Monthly Archives: October 2008

Please support No on Prop 8

In California, we have a proposition on the ballot that seeks to enshrine discrimination into the state constitution. As one of the first states in the country to legalize same-sex marriage, California took a step in the right direction towards equality. Proposition 8 would unravel that.

Much to my horror, the folks behind this measure have been preying on voters with the least information to get this proposition to pass. They’ve been spreading malicious lies (equivalent to the idea that being gay is a spreadable disease). They’ve primarily targeted the non-white, non-English speaking, low-income voters who are expected to turn out for Obama, saying that if this measure fails, homosexuality will be encouraged in schools, churches will lose their tax-exempt status, and religious believers will be sued for hate crimes. In a letter encouraging the passing of Prop 8, Senator Dennis Hollingsworth states that “unless Proposition 8 passes, acceptance of gay marriage is now mandatory for all of us.”

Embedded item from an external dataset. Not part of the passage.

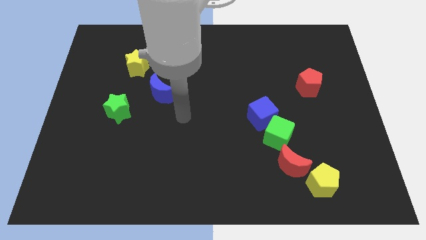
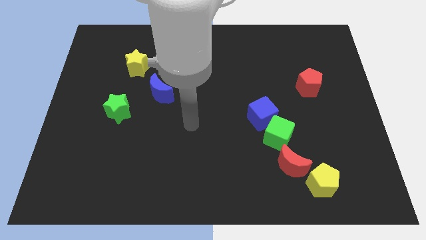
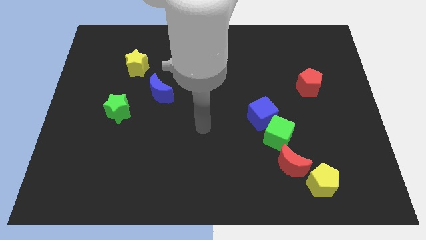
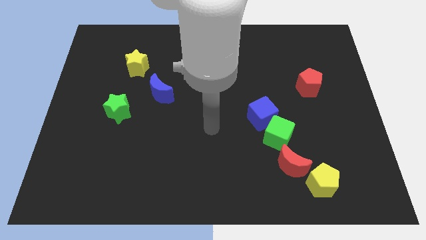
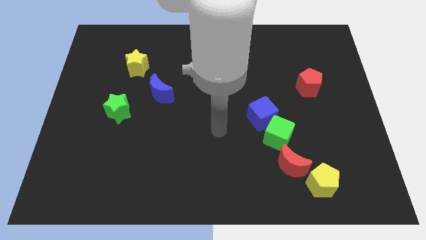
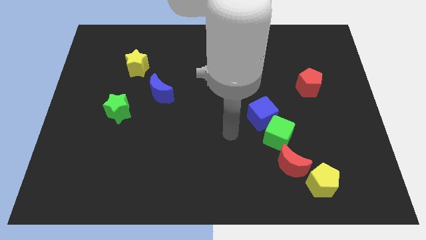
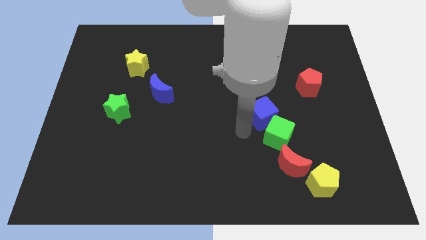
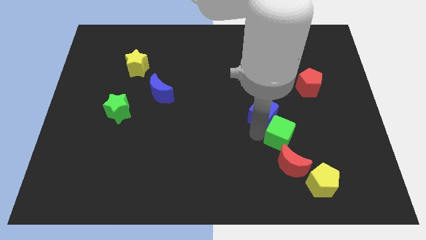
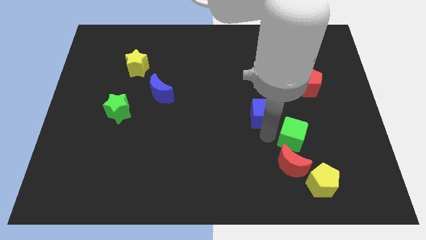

What happened to tolerance? What happened to non-discrimination? What happened to the erosion of a culture of hate? Senator Feinstein is rightfully pointing out that passing Prop 8 is pure descrimination. Bill Clinton is asking all California voters to reject this measure.

The proponents are very well funded and the No on 8 people are reaching out and begging for your support. They want to run advertisements all weekend to make sure that people are informed. I’ve donated money to this cause on numerous occasions and now, I’m begging you, please contribute.

If you’re a U.S. citizen or permanent resident alien (regardless of what state you live in), you may contribute to this cause. If you have a few spare dollars or believe as strongly as I do that this proposition must be stopped, I beg you, please contribute. I’ve set up this donation page to encourage you to do so. For me. For all of the LGBTQ people out there who deserve to be treated equally under the law. For all of the beautiful couples who have committed their lives to loving and cherishing their partners who risk being told that their love is not real.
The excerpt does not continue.